Glutathione disulfide
- Names: Systematic IUPAC name (2S,2′S)-5,5′-(Disulfanediylbis{(2R)-3-[(carboxymethyl)amino]-3-oxopropane-1,2-diyl})bis(2-amino-5-oxopentanoic acid)

Identifiers
- CAS Number: 27025-41-8;
- 3D model (JSmol): Interactive image;
- Abbreviations: GSSG
- ChEMBL: ChEMBL1372;
- ChemSpider: 58835;
- ECHA InfoCard: 100.043.777
- IUPHAR/BPS: 6835;
- KEGG: C00127;
- PubChem CID: 65359; 11215652;
- UNII: ULW86O013H;
- CompTox Dashboard (EPA): DTXSID5048972 ;

Properties
- Chemical formula: C_{20}H_{32}N_{6}O_{12}S_{2}
- Molar mass: 612.63 g·mol^{−1}

= Glutathione disulfide =

Glutathione disulfide (GSSG) is a disulfide derived from two glutathione molecules.

In living cells, glutathione disulfide is reduced into two molecules of glutathione with reducing equivalents from the coenzyme NADPH. This reaction is catalyzed by the enzyme glutathione reductase.

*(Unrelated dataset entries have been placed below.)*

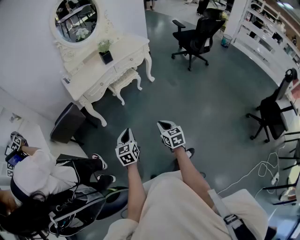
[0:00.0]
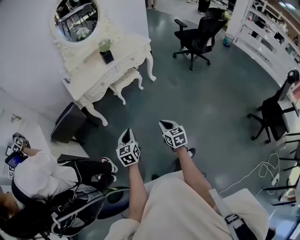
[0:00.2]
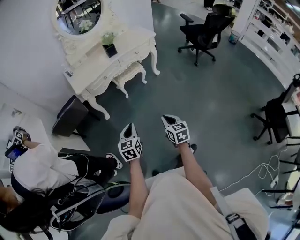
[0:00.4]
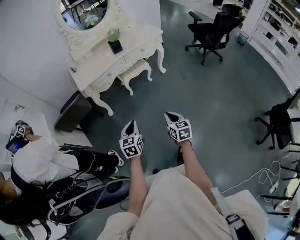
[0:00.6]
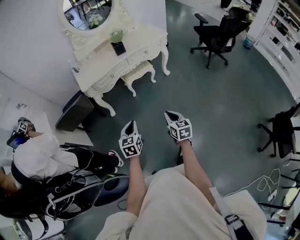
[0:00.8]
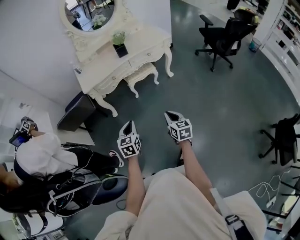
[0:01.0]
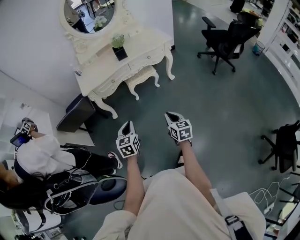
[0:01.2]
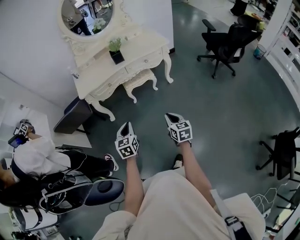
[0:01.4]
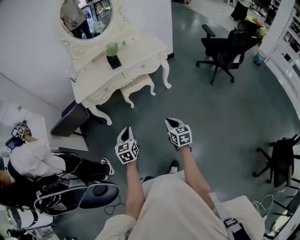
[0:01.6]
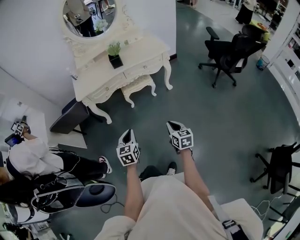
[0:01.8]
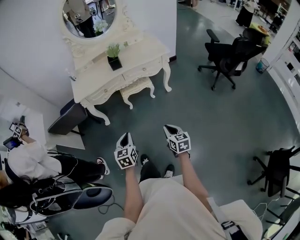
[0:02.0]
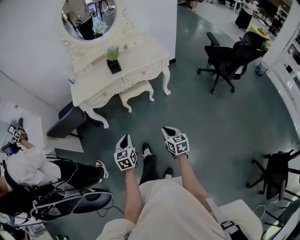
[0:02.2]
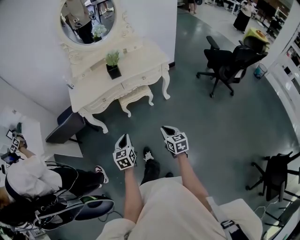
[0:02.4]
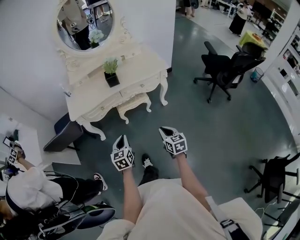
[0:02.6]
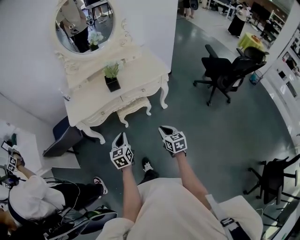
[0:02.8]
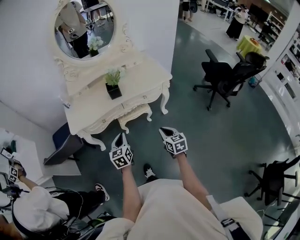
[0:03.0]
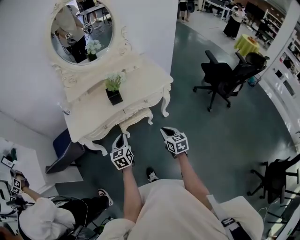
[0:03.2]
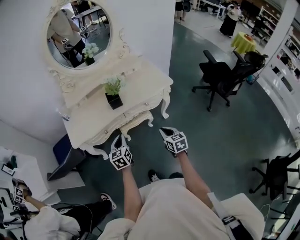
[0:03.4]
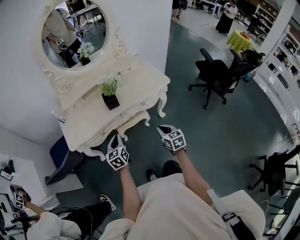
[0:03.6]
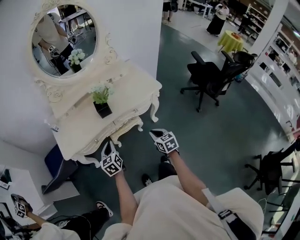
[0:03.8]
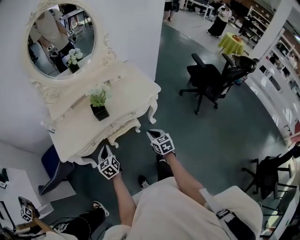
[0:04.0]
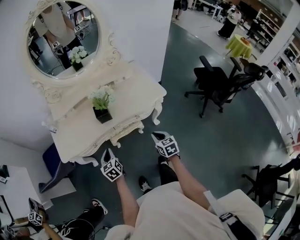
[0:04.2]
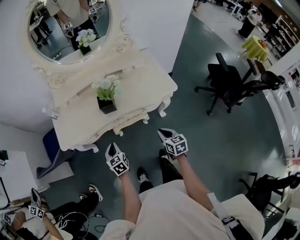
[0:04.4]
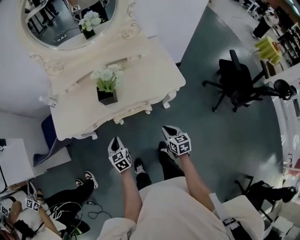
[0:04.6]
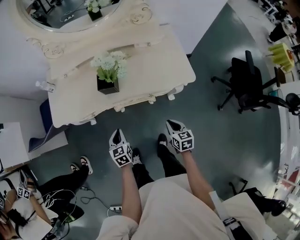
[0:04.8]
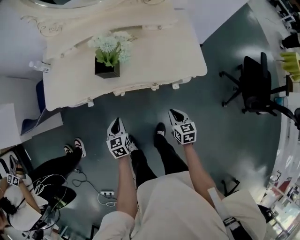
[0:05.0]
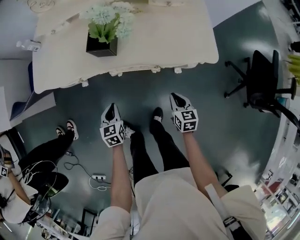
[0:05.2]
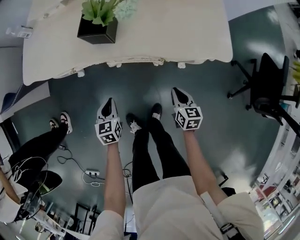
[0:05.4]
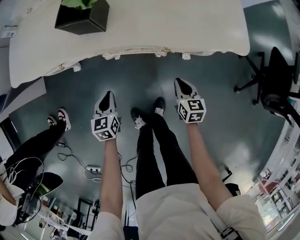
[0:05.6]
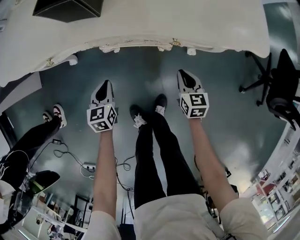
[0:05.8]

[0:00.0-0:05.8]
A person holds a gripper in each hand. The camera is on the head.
0:00.0 to 0:01.4: Both grippers move forward and to the right, some 20 cm.
0:01.4 to 0:02.8: The two grippers go roughly 20 cm forward.
0:02.8 to 0:04.4: Both grippers move forward, roughly 25 cm.
0:04.4 to 0:05.8: Both grippers travel together downward, roughly 35 cm.

Antioxidant enzymes, such as glutathione peroxidases and peroxiredoxins, generate glutathione disulfide during the reduction of peroxides such as hydrogen peroxide (H_{2}O_{2}) and organic hydroperoxides (ROOH):

2 GSH + ROOH → GSSG + ROH + H_{2}O

Other enzymes, such as glutaredoxins, generate glutathione disulfide through thiol-disulfide exchange with protein disulfide bonds or other low molecular mass compounds, such as coenzyme A disulfide or dehydroascorbic acid.

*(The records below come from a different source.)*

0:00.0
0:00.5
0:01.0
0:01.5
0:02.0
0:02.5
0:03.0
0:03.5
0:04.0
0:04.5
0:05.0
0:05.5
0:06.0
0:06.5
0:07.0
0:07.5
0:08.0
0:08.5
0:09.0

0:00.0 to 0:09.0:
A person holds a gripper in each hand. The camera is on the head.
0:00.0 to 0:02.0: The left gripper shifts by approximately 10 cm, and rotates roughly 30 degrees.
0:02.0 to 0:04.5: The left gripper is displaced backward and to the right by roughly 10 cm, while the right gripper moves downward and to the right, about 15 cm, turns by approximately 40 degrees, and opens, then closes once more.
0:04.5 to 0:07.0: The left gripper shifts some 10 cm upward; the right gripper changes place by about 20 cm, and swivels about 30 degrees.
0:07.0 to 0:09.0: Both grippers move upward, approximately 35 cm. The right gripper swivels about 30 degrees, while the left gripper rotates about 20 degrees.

2 GSH + R-S-S-R → GSSG + 2 RSH

The GSH:GSSG ratio is therefore an important bioindicator of cellular health, with a higher ratio signifying less oxidative stress in the organism. A lower ratio may even be indicative of neurodegenerative diseases, such as Parkinson's disease (PD) and Alzheimer's disease.

==Neuromodulator==
GSSG, along with glutathione and S-nitrosoglutathione (GSNO), have been found to bind to the glutamate recognition site of the NMDA and AMPA receptors (via their γ-glutamyl moieties), and may be endogenous neuromodulators. At millimolar concentrations, they may also modulate the redox state of the NMDA receptor complex.